Why the March Retail “Crunch” Won’t Matter

Stocks plunged this morning while banks continued to reveal poor earnings. Bank of America (NYSE: BAC) reported a 45% decrease in first-quarter profits before the market opened, following JPMorgan’s (NYSE: JPM) equally disappointing numbers from Tuesday.

But the real story today is the Commerce Department’s newly released consumer and manufacturing statistics. In March, retail sales fell by 8.7%. That’s the biggest decline measured by the government ever. Meanwhile, New York regional manufacturing activity sunk an astonishing 78.2%.

Both numbers come by way of the COVID-19 crisis, meaning investors expected reduced productivity.

What they weren’t ready for, however, was the sheer magnitude of the retail and manufacturing losses.

Especially so early into the outbreak.

Analysts now predict even worse drops in April with 90% of the U.S. in “shutdown” mode.

“The economy is clearly in ruins here,” said Chris Rupkey, chief financial economist at MUFG Union Bank, in response to the reports.

“Nobody is buying cars, down 25.6%, nobody is buying furniture, down 26.8%, and eating and drinking places were down 26.5%.”

Rupkey continued, contrasting the current situation to the financial crisis:

“Retail sales in the fourth quarter of 2008 fell over 8%, but that was over three months,” he said.

“This was just one month […] Consumers are hunkering down at home, only venturing out to go to the grocery store. It’s lights out today, and as far as we can tell, it’s going to be worse next month.”

BMO senior Treasury strategist Jon Hill believes last month’s decline could even lead to a depression.

“It’s really going to be not only a function of infections declining and whether there’s a vaccine, but how will the economy be able to reopen and how quickly, given the depth of the hit to the labor market,” he said.

“These are very different types of recessions. One is broader economic impact. This is a sudden stop. It’s not surprising that things are economically skewed, but we’re not playing by typical economic rules. We’re playing by health policy rules. It’s going to be hard for [Treasury] rates to sell off in any meaningful fashion.”

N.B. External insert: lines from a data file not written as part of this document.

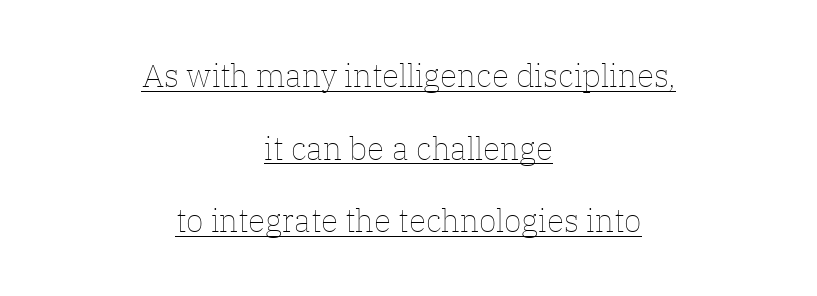
The image shows 32 px thin type, upright; set centered, loose line spacing (2.27x), normal letter spacing, underlined; low stroke contrast and a medium x-height.
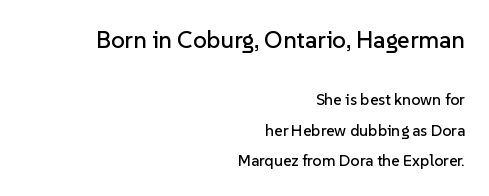
The image shows 24 px text type, upright; set right-aligned, loose line spacing (1.91x), normal letter spacing, not underlined; the first (top) block is 1.5x larger.
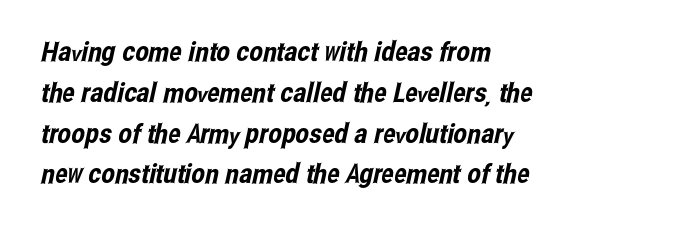
Q: Is the text underlined? A: No.
Q: How is the paragraph aligned? A: Left-aligned.
Q: Is the spacing between letters normal or unusually wide? A: Normal.
Q: Is the spacing between lines tight, normal or loose? A: Normal.
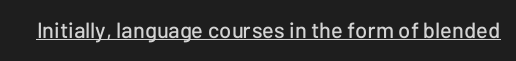
Q: Is the text italic (slanted)? A: No, it is upright.
Q: Is the text underlined? A: Yes.
Q: Is the spacing between letters normal or unusually wide? A: Normal.
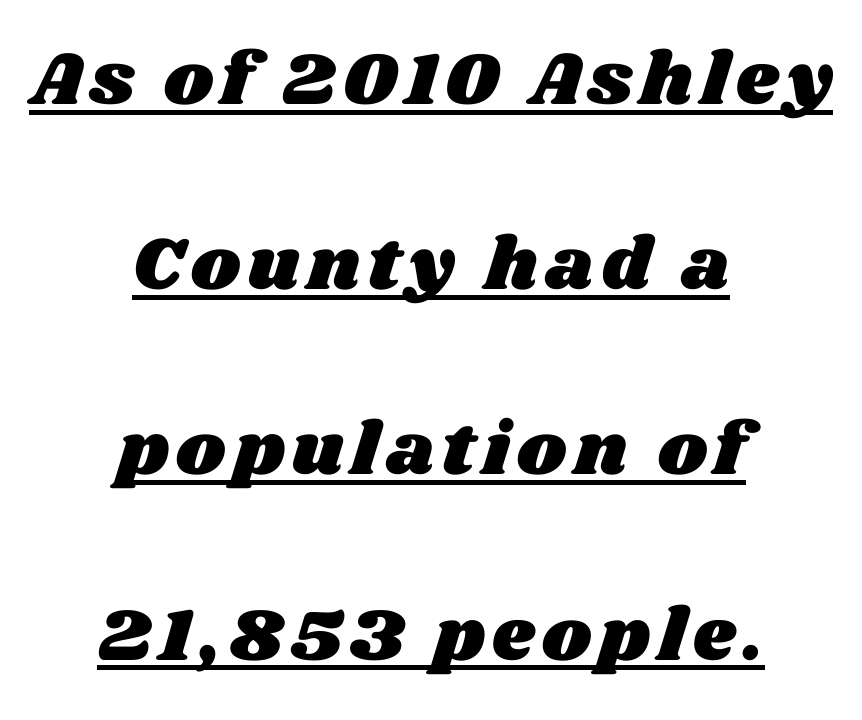
You can see a thin bar hugging the bottom of the glyphs. Both edges are ragged and mirror each other, which tells us the setting is centered. If you measured baseline to baseline, you'd find a long distance. These lines are rendered in a variable-pitch font.
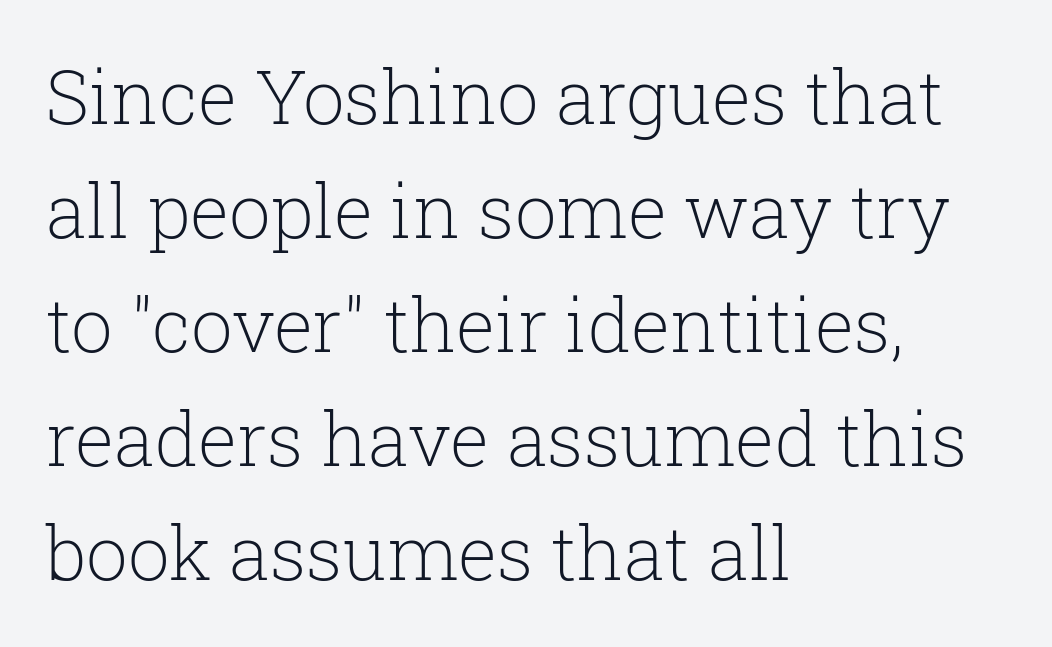
The image shows 74 px light serif type, upright; set left-aligned, normal line spacing (1.54x), normal letter spacing, not underlined; low stroke contrast and a medium x-height.

And in his commentary, Hill highlights the crux of the issue:

This is a health crisis, not specifically an economic one. It could certainly head that way if the economy remains closed for too long, but at present, it simply isn’t.

The economy was humming along just fine before COVID-19 hit. Remember how everyone was predicting a recession in 2018, in response to the trade war?

It never happened. Instead, productivity soared. Unemployment hit record lows.

The March retail and manufacturing statistics, while worse than analyst estimates, should not be surprising in the slightest. The U.S. is, after all, in uncharted territory.

Anything can and will happen. As a result, attempting to gauge the precise economic impact of COVID-19 ahead of time is a fool’s errand. The market already knows things are going to look bad for quite a while.

What truly matters is its response to a recovery. Or, at the very least, the belief that a recovery is coming.

If President Trump says tomorrow that he’s ready to open the economy back up on May 1st, stocks will soar. Poor quarterly earnings and economic data will fall by the wayside as bulls retake control. If he extends the lockdown to June, look out below.

The COVID-19 pandemic rattled the U.S. economy. There’s no doubt about it. I can guarantee you that April’s retail and manufacturing numbers will look terrible, too.

But, thankfully, none of that will matter if the U.S. snaps back by Q3. And with new coronavirus cases on the decline, it seems as though we’re headed in that direction.

Regardless of how disappointed analysts may currently be.